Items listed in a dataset
== == ==

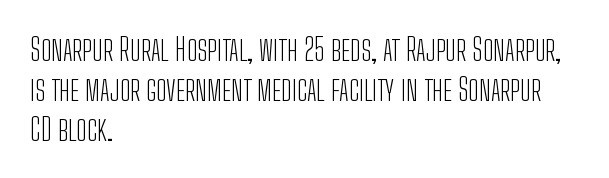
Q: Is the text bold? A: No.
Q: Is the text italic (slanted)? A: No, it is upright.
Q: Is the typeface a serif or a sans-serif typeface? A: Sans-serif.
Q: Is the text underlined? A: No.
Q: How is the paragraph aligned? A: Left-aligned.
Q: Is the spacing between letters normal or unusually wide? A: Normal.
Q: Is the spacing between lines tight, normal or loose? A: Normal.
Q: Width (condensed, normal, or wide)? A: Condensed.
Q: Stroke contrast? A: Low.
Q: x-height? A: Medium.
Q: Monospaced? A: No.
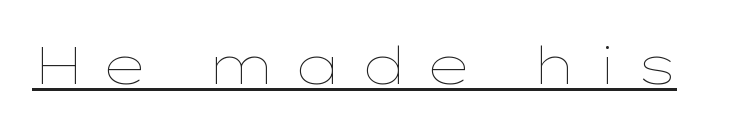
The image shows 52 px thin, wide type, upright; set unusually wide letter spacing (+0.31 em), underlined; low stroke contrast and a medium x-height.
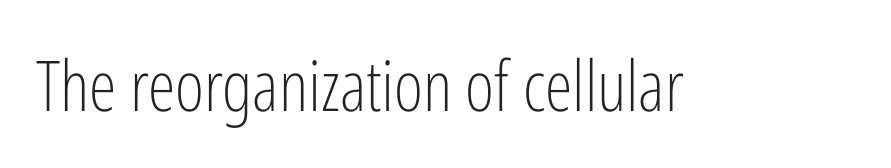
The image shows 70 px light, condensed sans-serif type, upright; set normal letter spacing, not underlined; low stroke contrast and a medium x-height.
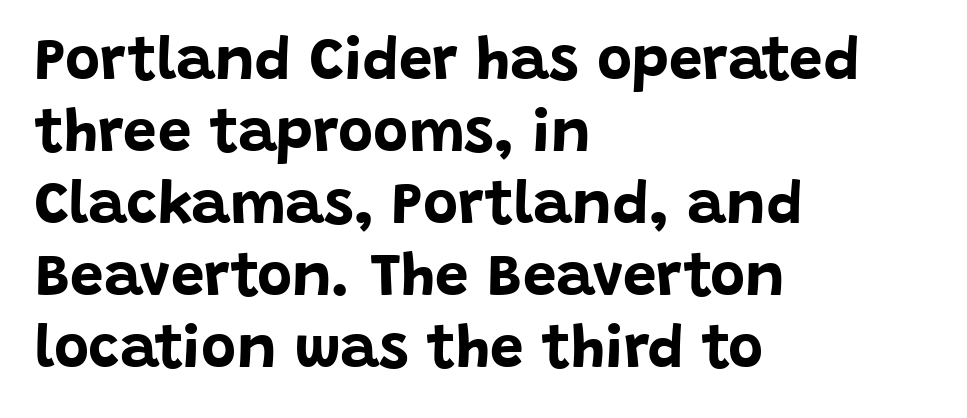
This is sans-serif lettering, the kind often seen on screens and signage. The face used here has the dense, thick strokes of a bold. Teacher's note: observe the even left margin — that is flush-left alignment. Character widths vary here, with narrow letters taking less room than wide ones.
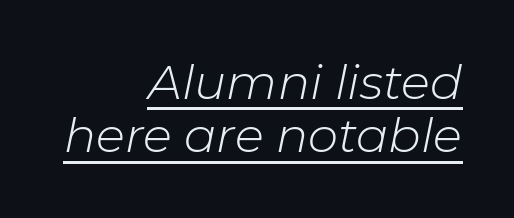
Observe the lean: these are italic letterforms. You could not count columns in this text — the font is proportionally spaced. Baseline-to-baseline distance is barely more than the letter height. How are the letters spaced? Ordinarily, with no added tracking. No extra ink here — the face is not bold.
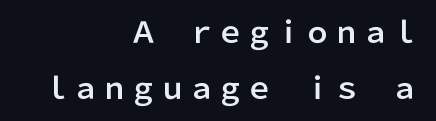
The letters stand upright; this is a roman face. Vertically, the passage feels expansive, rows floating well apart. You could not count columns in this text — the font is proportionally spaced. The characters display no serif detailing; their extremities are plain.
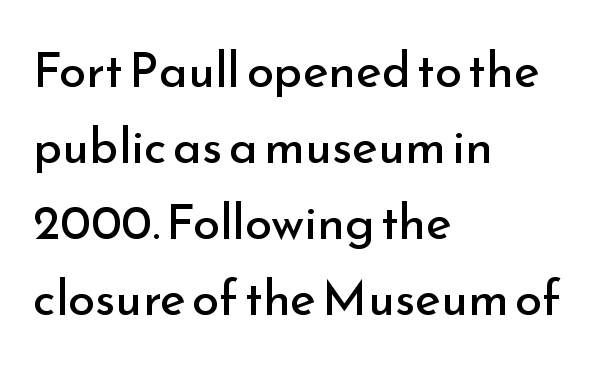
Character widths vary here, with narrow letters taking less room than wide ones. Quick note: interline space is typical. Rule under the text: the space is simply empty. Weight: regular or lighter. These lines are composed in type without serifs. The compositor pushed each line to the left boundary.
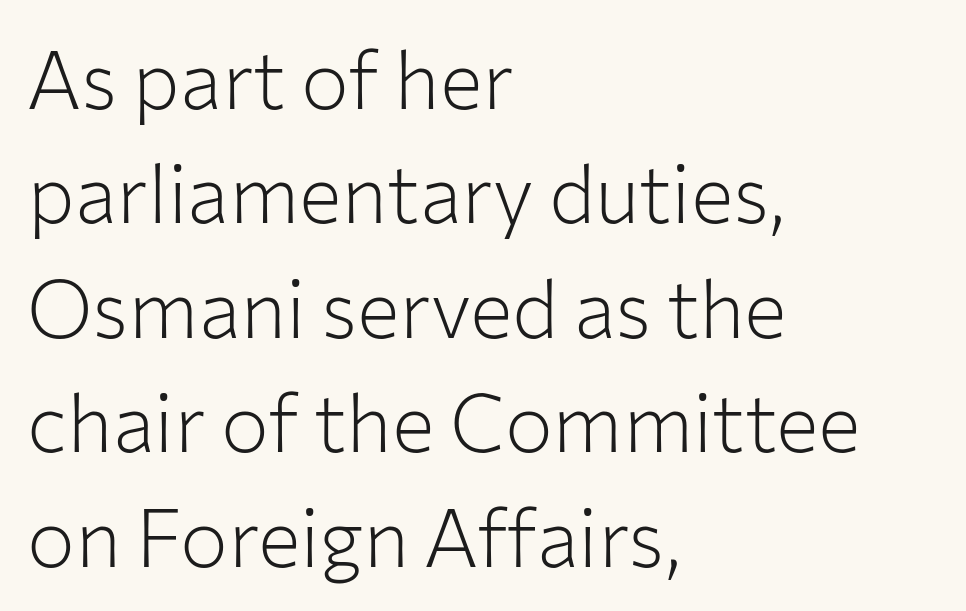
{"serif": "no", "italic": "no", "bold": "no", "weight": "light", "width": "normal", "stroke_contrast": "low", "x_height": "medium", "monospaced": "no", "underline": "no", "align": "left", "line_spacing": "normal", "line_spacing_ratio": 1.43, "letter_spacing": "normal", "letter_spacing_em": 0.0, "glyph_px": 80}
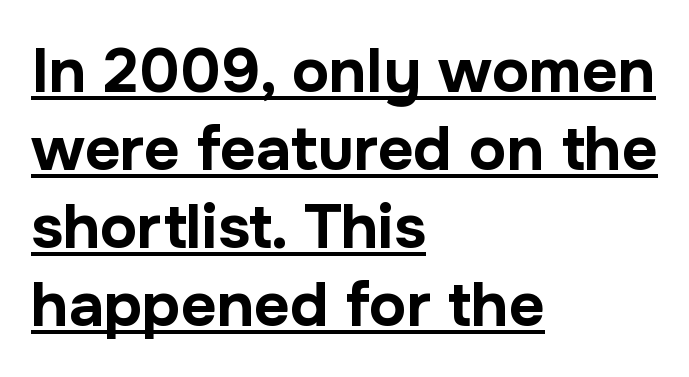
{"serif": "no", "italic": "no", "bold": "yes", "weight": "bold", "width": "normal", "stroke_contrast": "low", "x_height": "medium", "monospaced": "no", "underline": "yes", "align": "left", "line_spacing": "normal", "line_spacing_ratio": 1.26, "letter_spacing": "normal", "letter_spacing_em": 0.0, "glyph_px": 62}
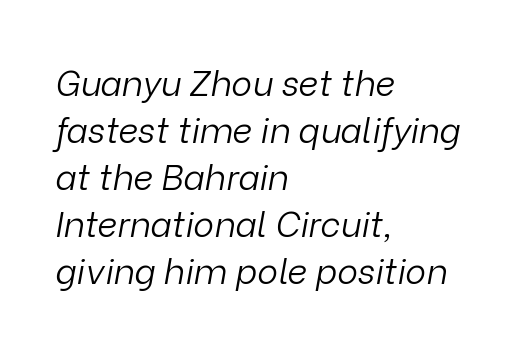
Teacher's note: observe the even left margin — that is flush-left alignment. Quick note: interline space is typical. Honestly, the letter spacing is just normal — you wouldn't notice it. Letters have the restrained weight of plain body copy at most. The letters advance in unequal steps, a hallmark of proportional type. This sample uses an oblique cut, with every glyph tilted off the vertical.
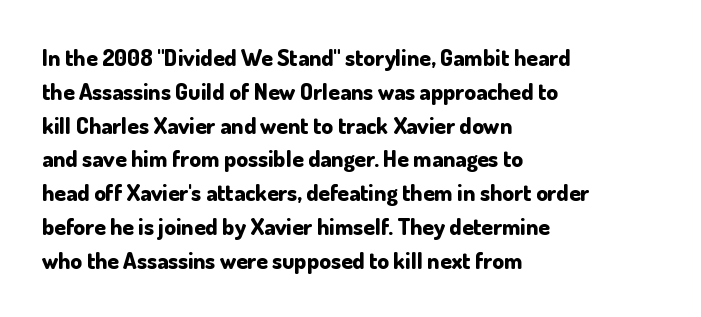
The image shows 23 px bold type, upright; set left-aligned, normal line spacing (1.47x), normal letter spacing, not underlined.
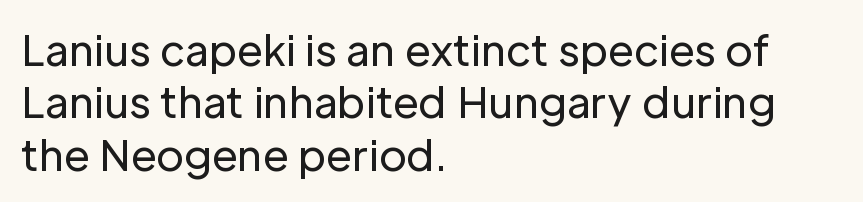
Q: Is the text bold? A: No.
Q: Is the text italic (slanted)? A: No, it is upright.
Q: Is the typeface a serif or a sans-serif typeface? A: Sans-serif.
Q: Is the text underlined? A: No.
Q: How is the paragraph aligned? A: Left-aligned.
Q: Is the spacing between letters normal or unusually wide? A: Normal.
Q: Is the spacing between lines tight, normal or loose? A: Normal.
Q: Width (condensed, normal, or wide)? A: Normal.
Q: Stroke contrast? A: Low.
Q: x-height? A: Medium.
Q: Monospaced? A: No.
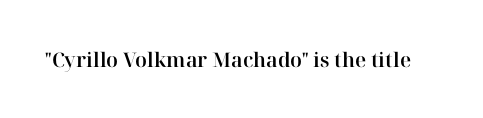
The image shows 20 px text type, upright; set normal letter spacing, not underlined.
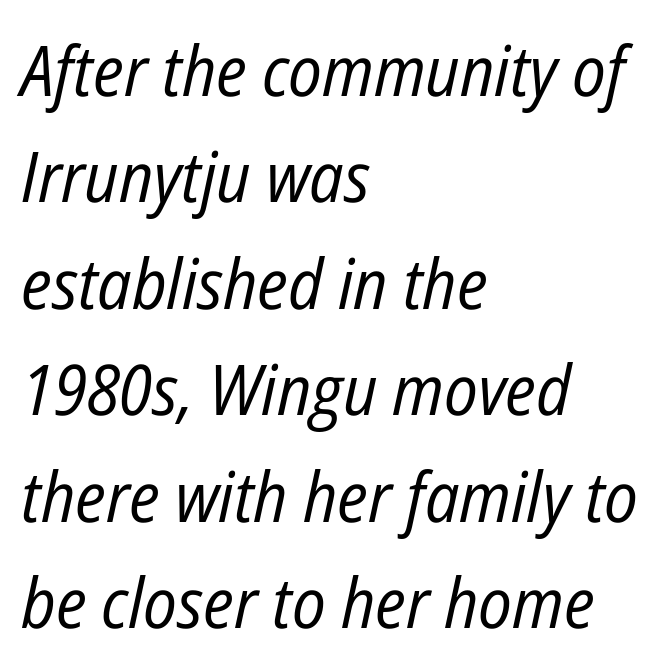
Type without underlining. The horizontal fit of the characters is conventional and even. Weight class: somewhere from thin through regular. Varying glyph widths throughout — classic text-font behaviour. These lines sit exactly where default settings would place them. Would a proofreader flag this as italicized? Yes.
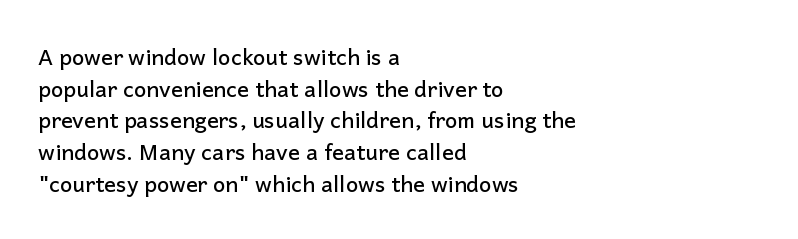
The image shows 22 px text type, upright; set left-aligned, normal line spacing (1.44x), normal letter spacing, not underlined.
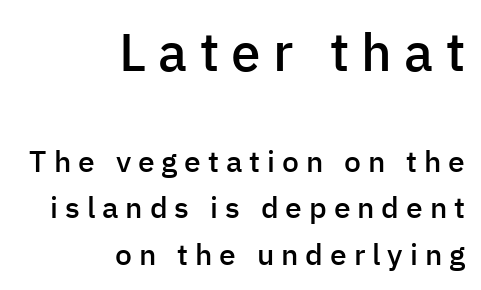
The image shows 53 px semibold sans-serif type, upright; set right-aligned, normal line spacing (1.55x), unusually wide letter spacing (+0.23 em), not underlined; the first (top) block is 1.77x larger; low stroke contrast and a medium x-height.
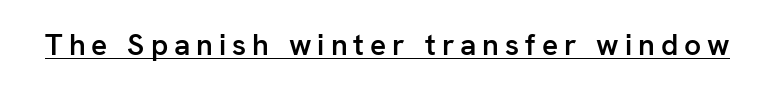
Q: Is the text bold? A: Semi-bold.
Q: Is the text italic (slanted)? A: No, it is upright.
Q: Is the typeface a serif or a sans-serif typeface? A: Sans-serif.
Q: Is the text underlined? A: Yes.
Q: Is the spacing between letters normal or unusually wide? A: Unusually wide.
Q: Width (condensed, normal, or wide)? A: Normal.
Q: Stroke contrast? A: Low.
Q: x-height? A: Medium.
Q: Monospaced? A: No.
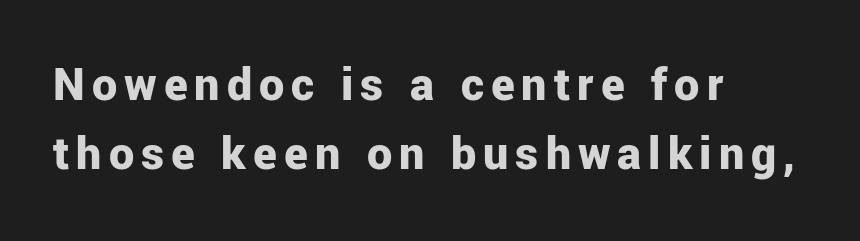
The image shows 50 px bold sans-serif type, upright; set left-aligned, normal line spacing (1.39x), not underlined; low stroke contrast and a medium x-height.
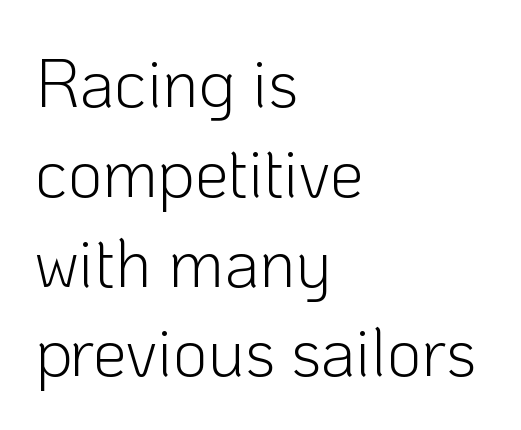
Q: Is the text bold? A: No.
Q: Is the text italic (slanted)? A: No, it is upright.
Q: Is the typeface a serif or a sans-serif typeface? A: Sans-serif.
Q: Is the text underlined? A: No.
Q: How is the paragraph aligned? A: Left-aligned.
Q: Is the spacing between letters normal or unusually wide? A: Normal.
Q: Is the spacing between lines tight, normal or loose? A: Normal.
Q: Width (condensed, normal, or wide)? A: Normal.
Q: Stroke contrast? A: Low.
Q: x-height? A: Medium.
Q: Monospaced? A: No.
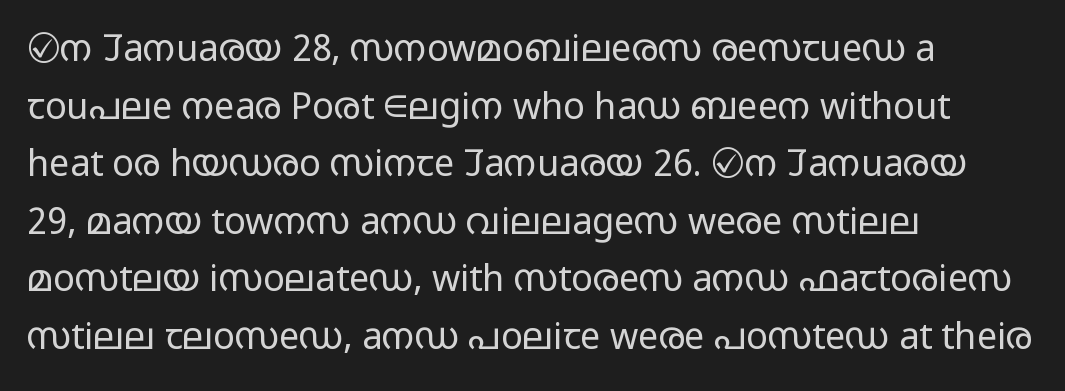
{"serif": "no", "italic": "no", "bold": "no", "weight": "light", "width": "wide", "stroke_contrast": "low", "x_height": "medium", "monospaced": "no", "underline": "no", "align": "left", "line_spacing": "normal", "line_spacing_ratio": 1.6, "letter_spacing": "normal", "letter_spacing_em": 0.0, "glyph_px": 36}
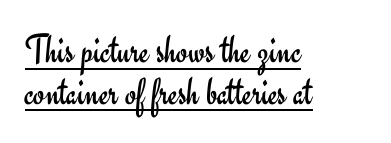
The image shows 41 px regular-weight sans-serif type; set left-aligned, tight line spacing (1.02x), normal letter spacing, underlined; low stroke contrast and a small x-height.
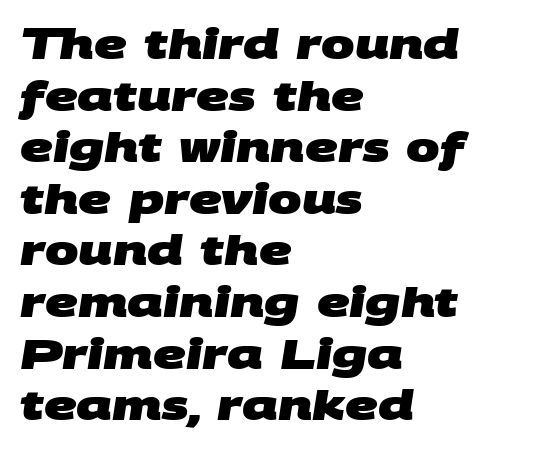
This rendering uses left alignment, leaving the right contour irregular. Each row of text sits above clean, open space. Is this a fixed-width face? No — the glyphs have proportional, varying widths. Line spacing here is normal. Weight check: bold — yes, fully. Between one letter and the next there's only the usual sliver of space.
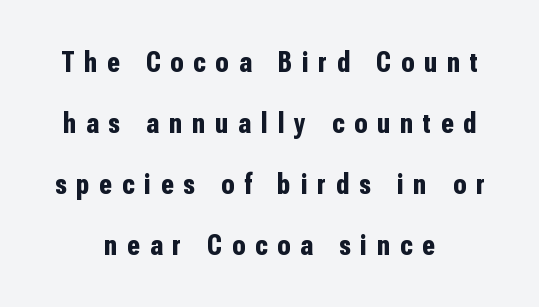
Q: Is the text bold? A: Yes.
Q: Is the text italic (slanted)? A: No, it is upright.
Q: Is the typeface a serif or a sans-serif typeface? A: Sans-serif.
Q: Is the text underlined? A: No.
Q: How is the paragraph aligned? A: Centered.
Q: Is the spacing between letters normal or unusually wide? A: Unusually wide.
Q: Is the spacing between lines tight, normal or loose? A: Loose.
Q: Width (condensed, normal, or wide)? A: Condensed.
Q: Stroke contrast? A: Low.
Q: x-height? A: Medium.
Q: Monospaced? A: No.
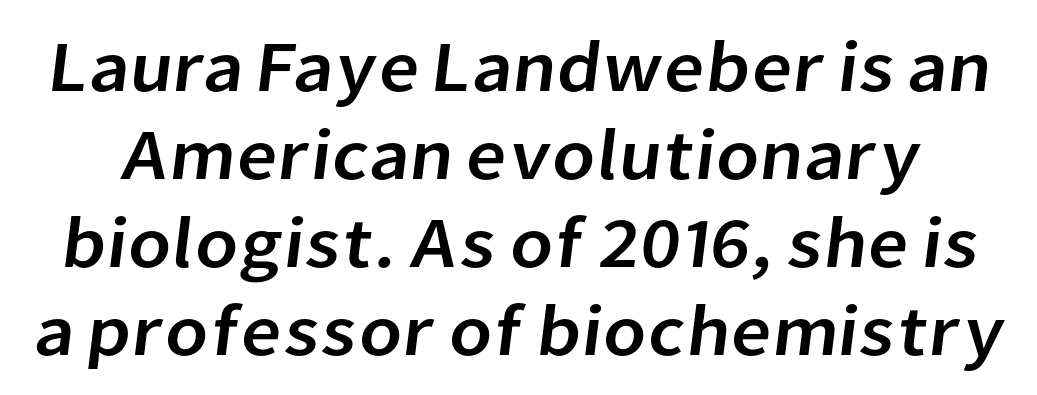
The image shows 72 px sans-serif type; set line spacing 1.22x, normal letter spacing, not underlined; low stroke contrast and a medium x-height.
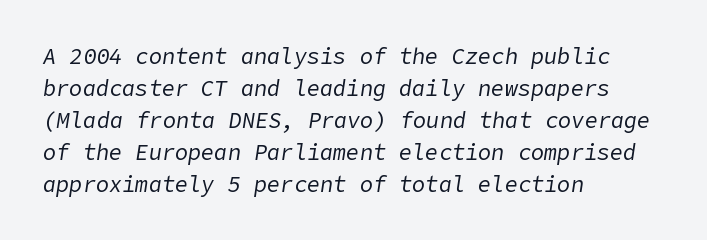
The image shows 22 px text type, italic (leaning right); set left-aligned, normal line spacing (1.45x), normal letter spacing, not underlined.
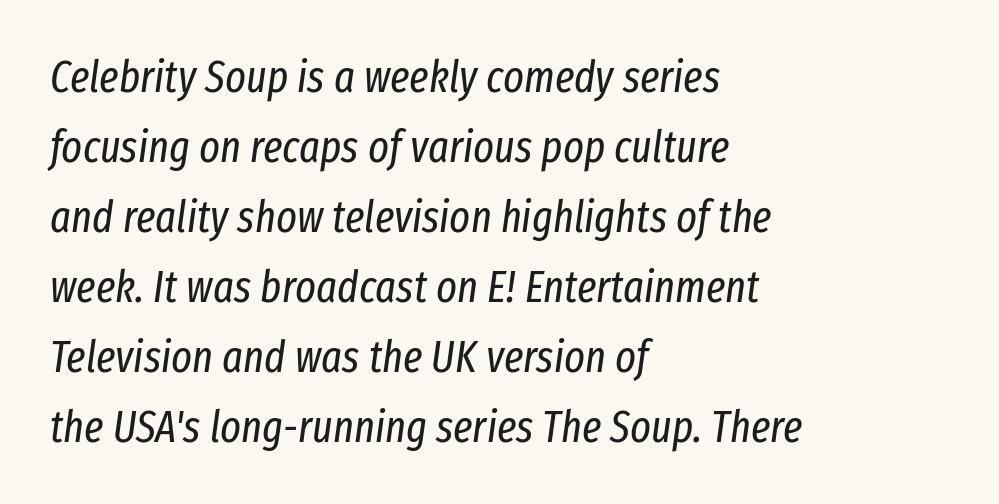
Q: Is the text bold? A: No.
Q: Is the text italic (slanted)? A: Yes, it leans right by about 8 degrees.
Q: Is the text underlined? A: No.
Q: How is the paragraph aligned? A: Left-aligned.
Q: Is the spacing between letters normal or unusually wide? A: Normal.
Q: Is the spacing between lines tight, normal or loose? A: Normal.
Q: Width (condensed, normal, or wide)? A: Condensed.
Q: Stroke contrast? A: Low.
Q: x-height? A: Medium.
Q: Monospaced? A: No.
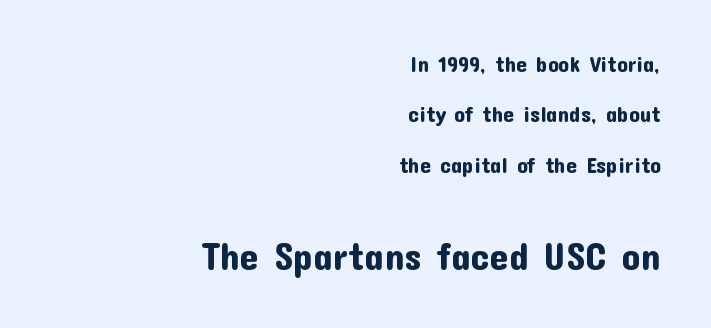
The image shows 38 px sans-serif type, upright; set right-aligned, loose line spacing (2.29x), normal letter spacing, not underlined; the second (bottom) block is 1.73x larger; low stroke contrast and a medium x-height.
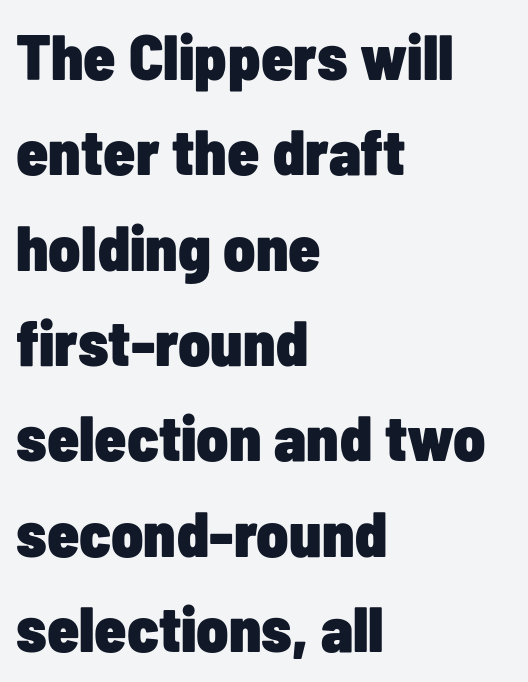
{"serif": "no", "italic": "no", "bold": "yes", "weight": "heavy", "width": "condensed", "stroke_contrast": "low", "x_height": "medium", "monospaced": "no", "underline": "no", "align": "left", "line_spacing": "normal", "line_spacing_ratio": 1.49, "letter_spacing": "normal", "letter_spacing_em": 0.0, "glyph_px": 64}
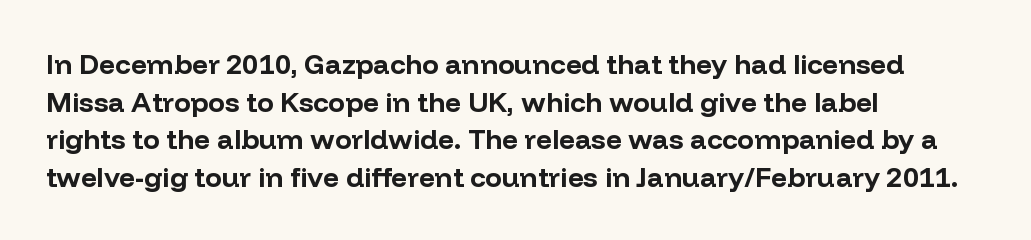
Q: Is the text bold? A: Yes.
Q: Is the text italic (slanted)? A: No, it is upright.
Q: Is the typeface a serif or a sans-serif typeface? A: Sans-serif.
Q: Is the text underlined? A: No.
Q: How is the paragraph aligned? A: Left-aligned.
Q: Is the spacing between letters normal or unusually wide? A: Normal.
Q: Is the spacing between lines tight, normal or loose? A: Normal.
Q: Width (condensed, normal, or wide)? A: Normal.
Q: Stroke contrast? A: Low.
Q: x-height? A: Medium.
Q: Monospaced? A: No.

== == ==

**Directions for this task**
Copy out each line in the preceding records that contains "proportionally".

**Expected answer**
Observe the lean: these are italic letterforms. You could not count columns in this text — the font is proportionally spaced. Baseline-to-baseline distance is barely more than the letter height. How are the letters spaced? Ordinarily, with no added tracking. No extra ink here — the face is not bold.
The letters stand upright; this is a roman face. Vertically, the passage feels expansive, rows floating well apart. You could not count columns in this text — the font is proportionally spaced. The characters display no serif detailing; their extremities are plain.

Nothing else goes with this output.